Votre logement reste trop chaud l'été ? Comprendre le phénomène des bouilloires thermiques.
Il est 22 h et il fait encore 30 °C dans votre chambre. Les volets sont fermés depuis le matin. Les fenêtres sont grandes ouvertes depuis plus d'une heure. Le ventilateur tourne sans interruption. Mais la chaleur reste là. Impossible de trouver le sommeil.
Depuis quelques années, cette scène est devenue le quotidien de nombreux Français pendant les épisodes de canicule. Et ce n'est plus seulement une question de confort. Dormir dans un logement qui reste à plus de 30 °C plusieurs nuits de suite peut avoir des conséquences sur la qualité du sommeil, la fatigue et le bien-être des occupants, en particulier des personnes les plus fragiles. Face à cette nouvelle réalité, une expression est maintenant sur toutes les lèvres : les bouilloires thermiques.

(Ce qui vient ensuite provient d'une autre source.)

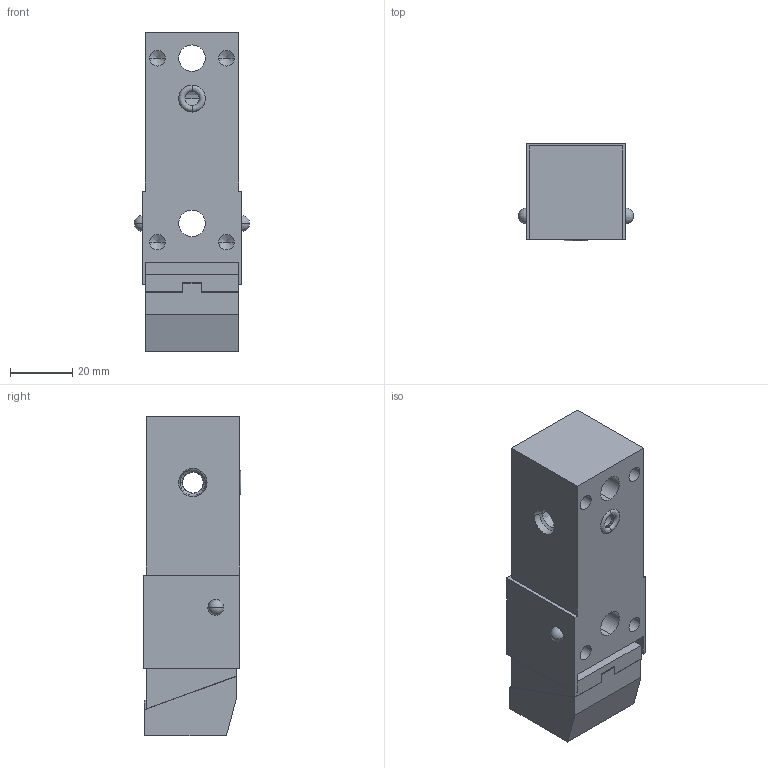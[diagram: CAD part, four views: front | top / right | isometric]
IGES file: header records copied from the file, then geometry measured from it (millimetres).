
Start section:  PTC IGES file: ilc15310500.igs
Global section: file name: ilc15310500.igs; native system: Pro/ENGINEER by Parametric Technology Corporation; preprocessor: 2004290; author: KR; organization: Unknown; date: 050421.105334; units: inch
Bounding box: 37.03 x 31.38 x 102.62 mm (x, y, z)
Surface area: 21612.6 mm2 (no closed solid volume)
Topology: 0 solids, 0 shells, 113 faces, 598 edges, 586 vertices
Faces by surface type: bspline 61, revolution 52
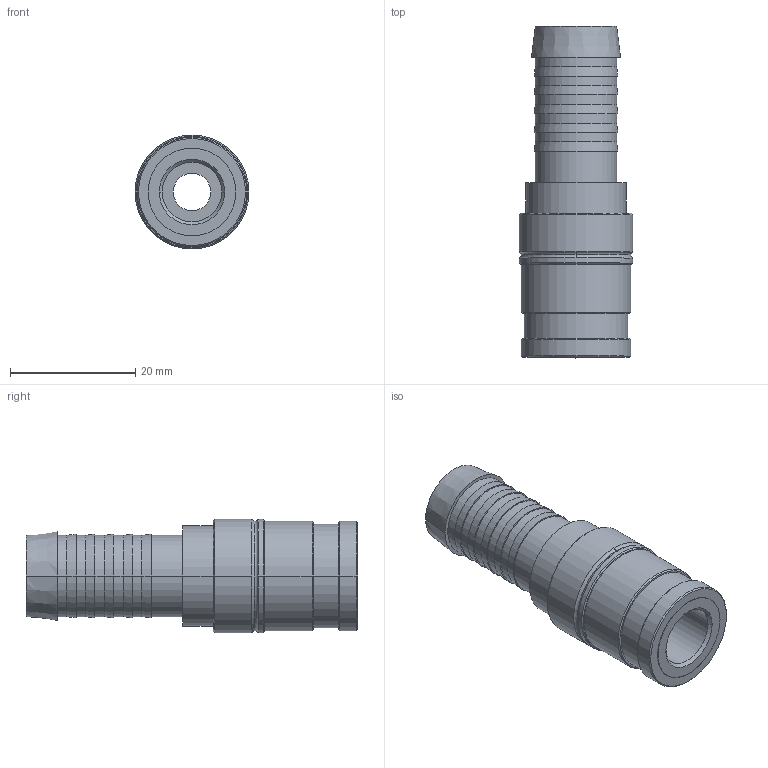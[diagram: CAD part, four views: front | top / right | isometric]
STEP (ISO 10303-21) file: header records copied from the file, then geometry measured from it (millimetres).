
FILE_DESCRIPTION(('STEP AP214'),'1');
FILE_NAME('esdmf_13_tlab.stp','2020-04-22T06:12:42',('TraceParts'),('TraceParts S.A.'),'Spatial InterOp 3D',' ',' ');
FILE_SCHEMA(('automotive_design'));
Length unit declared in the file: millimetre
Products named in the file (1): 1
Bounding box: 18.2 x 53 x 18.2 mm (x, y, z)
Volume: 7964.1 mm3; surface area: 4246.3 mm2
Topology: 1 solids, 1 shells, 73 faces, 150 edges, 92 vertices
Faces by surface type: cylinder 30, cone 24, plane 15, torus 4
Entity records: 2552 total; most frequent: DIRECTION 394, CARTESIAN_POINT 316, ORIENTED_EDGE 300, AXIS2_PLACEMENT_3D 170, EDGE_CURVE 150, CIRCLE 96, VERTEX_POINT 92, EDGE_LOOP 88
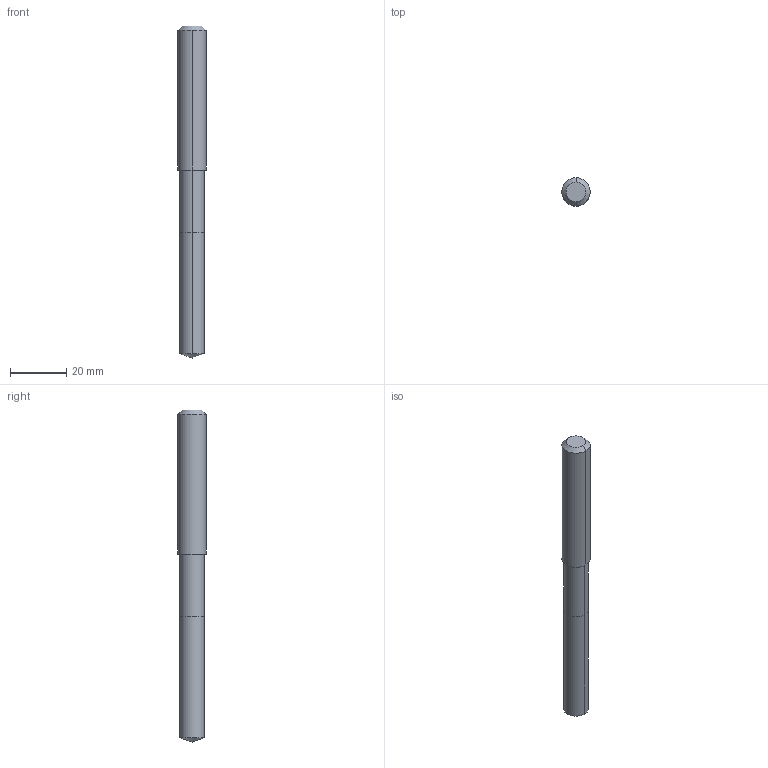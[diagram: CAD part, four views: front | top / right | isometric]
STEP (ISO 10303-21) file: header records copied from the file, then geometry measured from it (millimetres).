
FILE_DESCRIPTION(/* description */ (''),/* implementation_level */ '2;1');
FILE_NAME(/* name */ 'MMS0860X5DB.stp',/* time_stamp */ '2023-03-08T09:16:02+09:00',/* author */ (''),/* organization */ (''),/* preprocessor_version */ 'ST-DEVELOPER v16',/* originating_system */ 'SIEMENS PLM Software NX 10.0',/* authorisation */ '');
FILE_SCHEMA (('AUTOMOTIVE_DESIGN { 1 0 10303 214 3 1 1 1 }'));
Length unit declared in the file: millimetre
Products named in the file (1): MMS0860X5DB_ASM
Bounding box: 10 x 10 x 117.57 mm (x, y, z)
Volume: 7779.7 mm3; surface area: 3604.8 mm2
Topology: 2 solids, 2 shells, 14 faces, 30 edges, 24 vertices
Faces by surface type: cylinder 6, plane 4, cone 4
Entity records: 498 total; most frequent: DIRECTION 92, CARTESIAN_POINT 69, ORIENTED_EDGE 48, AXIS2_PLACEMENT_3D 39, EDGE_CURVE 24, STYLED_ITEM 17, PRESENTATION_STYLE_ASSIGNMENT 17, EDGE_LOOP 15

Qu'est-ce qu'une bouilloire thermique ?
En bref, une bouilloire thermique est un logement qui accumule la chaleur pendant la journée et ne parvient pas à se rafraîchir suffisamment la nuit. Résultat : la température intérieure reste élevée, même lorsque la température extérieure redescend. Contrairement à une idée reçue, il ne s'agit pas uniquement d'un appartement sous les combles. Une maison récente ou un appartement situé à un étage intermédiaire peuvent également présenter un mauvais confort d'été. Tout dépend du comportement thermique du bâtiment.
Comment savoir si votre logement est une bouilloire thermique ?
Certains signes doivent vous alerter. C'est peut-être le cas si :
- Votre logement reste très chaud plusieurs heures après le coucher du soleil
- Vous avez des difficultés à faire baisser la température même si vous aérez la nuit
- Certaines pièces sont quasiment inutilisables en fin d'après-midi
- Vous utilisez la climatisation ou des ventilateurs de plus en plus souvent
- La chaleur revient très rapidement dès le lever du soleil
Aucun de ces signes ne permet, à lui seul, de conclure. Mais, si vous cochez plusieurs de ces cases, votre logement n'est pas suffisamment adapté aux fortes chaleurs.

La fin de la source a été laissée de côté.